**Exercise requirements**. Below are the entries; state how many of their lines contain the string "upright", and nothing more.

**Recorded data**.
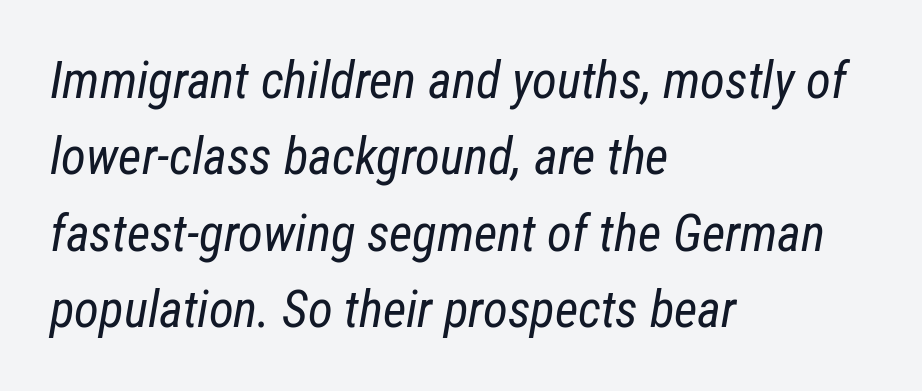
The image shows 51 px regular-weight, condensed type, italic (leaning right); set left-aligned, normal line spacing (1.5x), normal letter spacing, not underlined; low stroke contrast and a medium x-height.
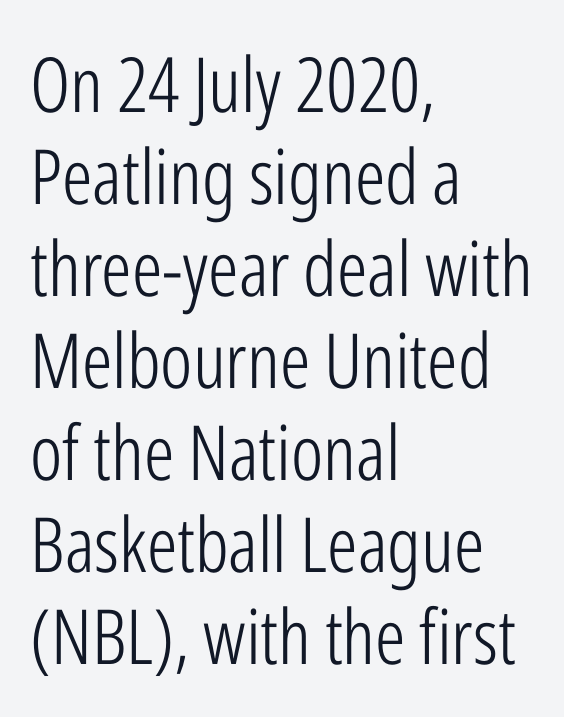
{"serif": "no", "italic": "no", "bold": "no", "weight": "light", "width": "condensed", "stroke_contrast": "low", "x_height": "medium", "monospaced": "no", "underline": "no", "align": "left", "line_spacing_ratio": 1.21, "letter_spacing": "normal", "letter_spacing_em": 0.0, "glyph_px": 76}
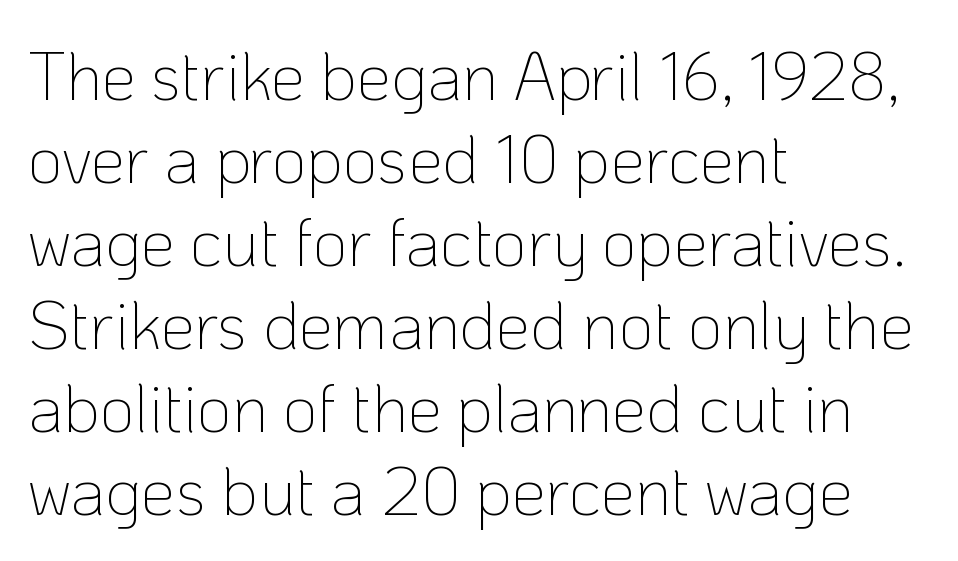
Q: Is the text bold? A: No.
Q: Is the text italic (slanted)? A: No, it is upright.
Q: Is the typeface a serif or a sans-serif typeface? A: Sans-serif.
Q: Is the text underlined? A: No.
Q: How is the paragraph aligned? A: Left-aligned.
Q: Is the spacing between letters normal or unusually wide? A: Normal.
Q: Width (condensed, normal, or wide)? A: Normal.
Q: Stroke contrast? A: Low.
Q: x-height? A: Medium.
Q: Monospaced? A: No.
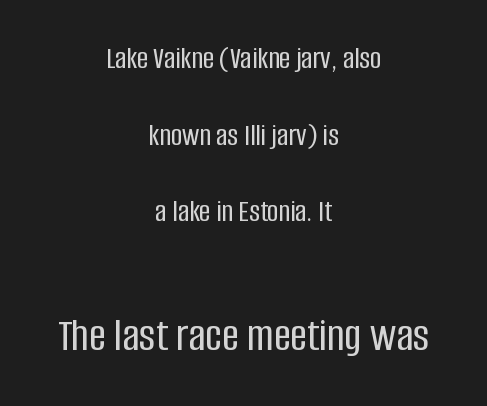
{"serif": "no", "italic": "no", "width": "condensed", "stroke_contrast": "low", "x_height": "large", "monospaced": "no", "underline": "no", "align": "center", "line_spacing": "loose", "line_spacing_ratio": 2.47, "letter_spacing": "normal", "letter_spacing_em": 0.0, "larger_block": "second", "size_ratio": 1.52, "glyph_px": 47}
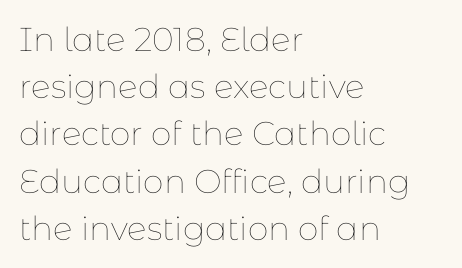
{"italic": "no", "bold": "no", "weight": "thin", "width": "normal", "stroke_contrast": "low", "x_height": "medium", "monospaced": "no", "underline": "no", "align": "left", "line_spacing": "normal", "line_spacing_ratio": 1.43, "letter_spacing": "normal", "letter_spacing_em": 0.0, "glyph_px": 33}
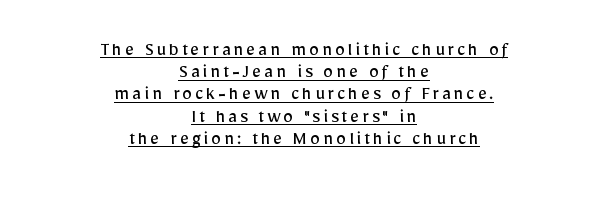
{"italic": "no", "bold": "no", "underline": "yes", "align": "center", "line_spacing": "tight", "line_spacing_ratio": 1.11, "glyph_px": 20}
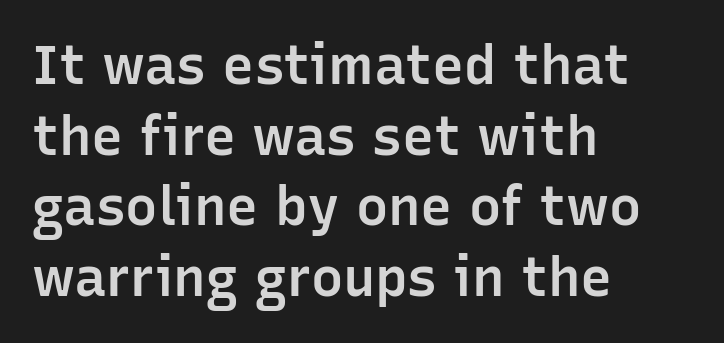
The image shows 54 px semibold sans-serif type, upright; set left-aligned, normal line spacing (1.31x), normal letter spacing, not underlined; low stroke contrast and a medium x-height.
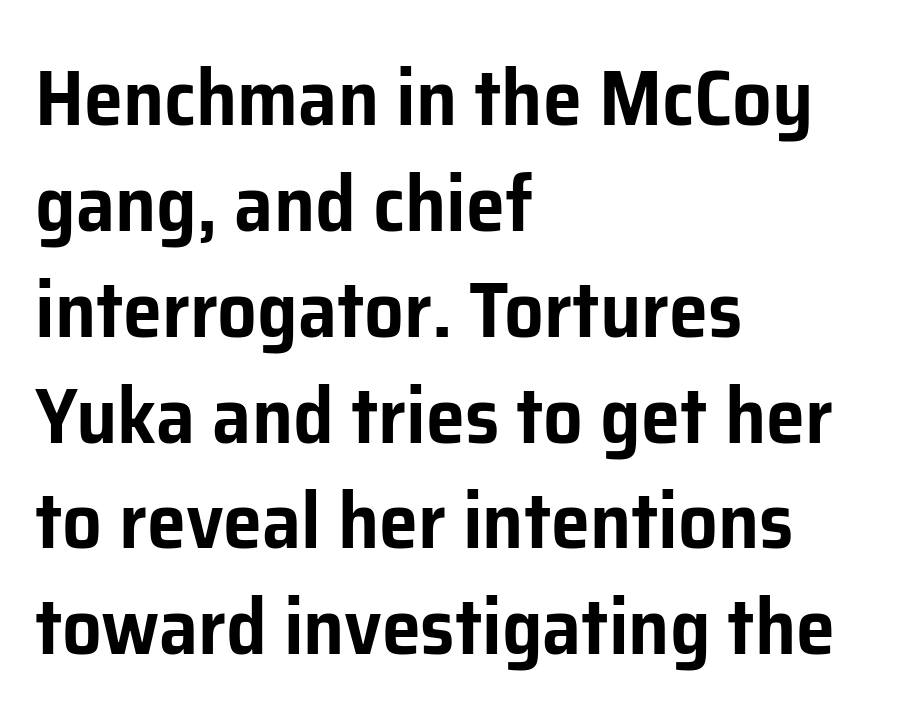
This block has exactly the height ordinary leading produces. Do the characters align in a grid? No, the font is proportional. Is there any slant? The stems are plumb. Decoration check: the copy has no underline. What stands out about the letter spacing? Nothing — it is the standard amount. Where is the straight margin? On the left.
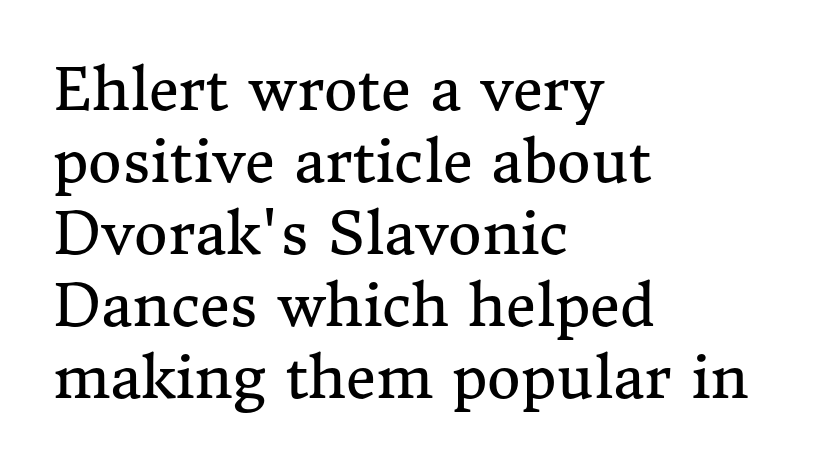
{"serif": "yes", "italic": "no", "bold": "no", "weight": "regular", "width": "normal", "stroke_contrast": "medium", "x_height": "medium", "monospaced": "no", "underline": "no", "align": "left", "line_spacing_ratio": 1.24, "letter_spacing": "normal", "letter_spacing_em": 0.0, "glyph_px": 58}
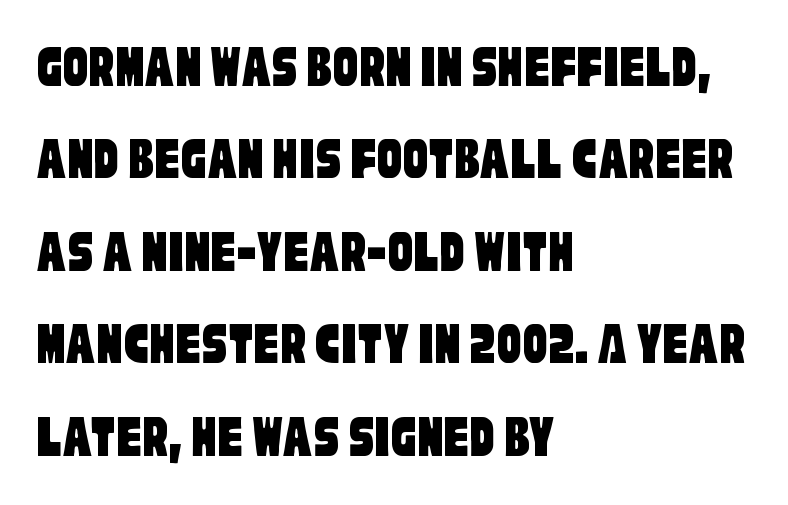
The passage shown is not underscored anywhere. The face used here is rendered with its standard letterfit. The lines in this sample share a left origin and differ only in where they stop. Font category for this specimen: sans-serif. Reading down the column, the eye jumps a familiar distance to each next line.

**Response below**. 2